# Redback Cristal



## jimmy01 (7/11/06)

Article in the Brisbane Courier Mail about some new beers from Matilda Bay. A Crema and and Redback Cristal. 

I see there's a thread on the Crema, but am wondering if anyone has tried the Cristal or has seen it in the bottleshops yet?

Link Courier Mail Lifestyle


----------



## Ash in Perth (7/11/06)

'alot of thought has gone into it' 

sounds pretty boring to me. the crema sounds interesting.


----------



## BruceL (7/11/06)

I noticed the Cristal in a BWS bottleshop today but haven't tried it yet.


----------



## faryg (8/11/06)

Got the Cristal sitting in the fridge but probably will wait and have it up against the Original. Tried the Crema on tap and it was fairly boring.


----------



## pbrosnan (8/11/06)

Hi,

I would have thought that Redback itself qualified as a Cristal. What's this one a, Cristal Cristal? Sounds as though Matilda Bay are jumping on the "dry, crisp, no flavour watery as Corona" bandwagon. It's a pity when, at the Brass Monkey here in Perth you get get Alpha and Stickbrack on tap, now there's flavour. The person who wrote this story probably thinks Tooheys Dry is pretty good.


----------



## rwmingis (2/1/08)

Hi all,

I cracked a redback cristal the other day. Bought it because I'm a big fan of the normal redback. I have to say I couldn't easily find any taste similarities between the two, and to be frank, I thought it tasted like water.

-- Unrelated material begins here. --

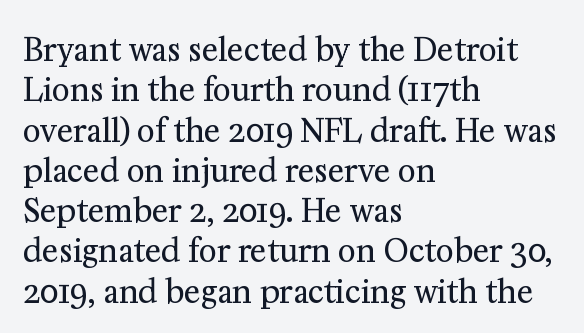
{"serif": "yes", "italic": "no", "bold": "no", "weight": "regular", "width": "normal", "stroke_contrast": "medium", "x_height": "medium", "monospaced": "no", "underline": "no", "align": "left", "line_spacing": "normal", "line_spacing_ratio": 1.3, "letter_spacing": "normal", "letter_spacing_em": 0.0, "glyph_px": 31}

Mind you, I'm not an expert though and I don't know what a Cristal _should_ taste like...


----------



## yardy (2/1/08)

i had a few ( cristals ) over lunch at the OBT the other day, i've had a lot worse....


----------



## beerbarron (2/1/08)

RBC is made with CUB "a strain " yeast same as all their comercial beers . RBO has a wheat beer yeast and a lot of the flavour comes from that yeast .


----------



## tyoung (2/1/08)

I tried the Cristal a while ago and thought it was awful. I'm a big fan of the original btw.... 

Cheers,

Tim


----------



## Guest Lurker (2/1/08)

Hey Cam
Admirable restraint. Joined July last year, first post this year! Cam entered a couple of very decent beers in the WA state comp this year.


----------



## rwmingis (2/1/08)

So what does the Cristal mean? Is it a type of grain. I remember seeing it a fair bit when I was in South America, but I just thought it was the spanish way of spelling the grain Crystal....

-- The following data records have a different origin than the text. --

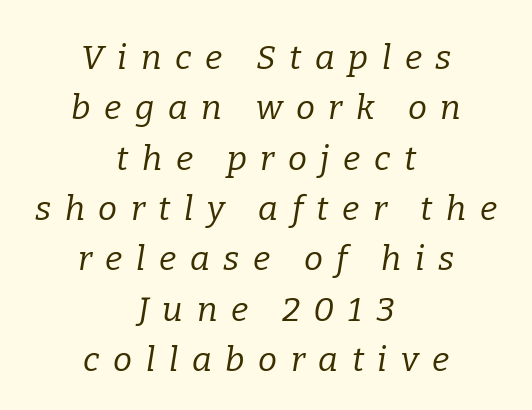
Q: Is the text bold? A: No.
Q: Is the text italic (slanted)? A: Yes, it leans right by about 9 degrees.
Q: Is the typeface a serif or a sans-serif typeface? A: Serif.
Q: Is the text underlined? A: No.
Q: How is the paragraph aligned? A: Centered.
Q: Is the spacing between letters normal or unusually wide? A: Unusually wide.
Q: Is the spacing between lines tight, normal or loose? A: Normal.
Q: Width (condensed, normal, or wide)? A: Normal.
Q: Stroke contrast? A: Low.
Q: x-height? A: Medium.
Q: Monospaced? A: No.
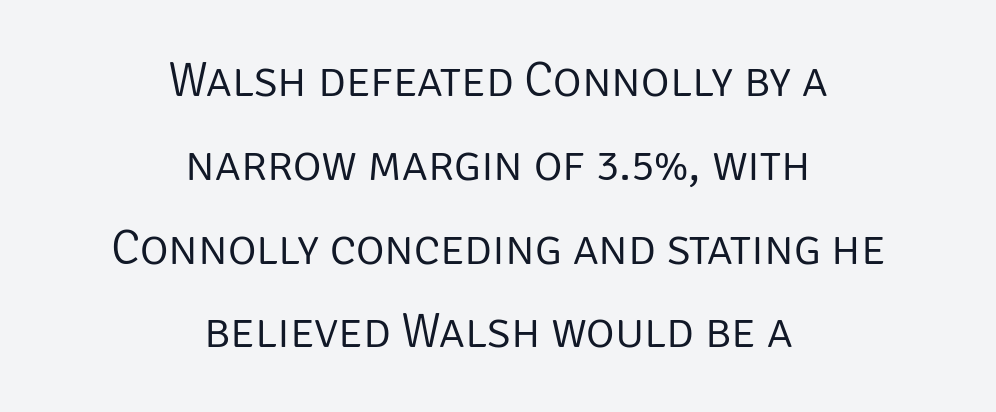
Q: Is the text bold? A: No.
Q: Is the text italic (slanted)? A: No, it is upright.
Q: Is the typeface a serif or a sans-serif typeface? A: Sans-serif.
Q: Is the text underlined? A: No.
Q: How is the paragraph aligned? A: Centered.
Q: Is the spacing between letters normal or unusually wide? A: Normal.
Q: Width (condensed, normal, or wide)? A: Normal.
Q: Stroke contrast? A: Low.
Q: x-height? A: Large.
Q: Monospaced? A: No.

I didn't mention it before you mentioned the CUB strain, but the first thought that ran through my head when I tasted the RBC was that it had a very megaswill taste (ie not much at all)






cam barron said:


> RBC is made with CUB "a strain " yeast same as all their comercial beers . RBO has a wheat beer yeast and a lot of the flavour comes from that yeast .


----------



## Stuster (2/1/08)

With German wheat beers, there's the normal hefeweizen which is still contains the yeast. The kristall weizen is filtered first, so it's clear, but otherwise the process is the same so you still get the German wheat beer taste, though usually slightly different to the yeasty hefeweizen. I guess they're trying to suggest a comparison to that, but if they use their normal yeast, they're just being merchant bankers. Or maybe I'm overthinking this.


----------



## peas_and_corn (2/1/08)

Interesting sentence from the article-

"Crema is something else, a coffee-flavoured beer using hand-roasted beans grown in Queensland"

...so they are putting coffee in the beer?


----------



## Simon W (3/1/08)

Yeah.
There was a small one-page article in issue3 of Beer+Brewer mag(pg18) by Brad Rogers about roasting his own beans and experimenting with the idea.

EDIT:
Ahh, just reviewed that article, he wrote about wierd beers but didn't mention coffee, buggered if I can remember where I read about it now.

EDIT #2: 
OK, found it. Page 63 same mag. Article about Beer and Coffee.

"_A product of self-confessed caffeine addict Brad Rogers who installed his very own coffee roaster at the Matilda Bay Garage Brewery. Not content with just perfecting his morning espresso he decided it was time to create a coffee flavoured beer, using his own hand roasted beans._"


----------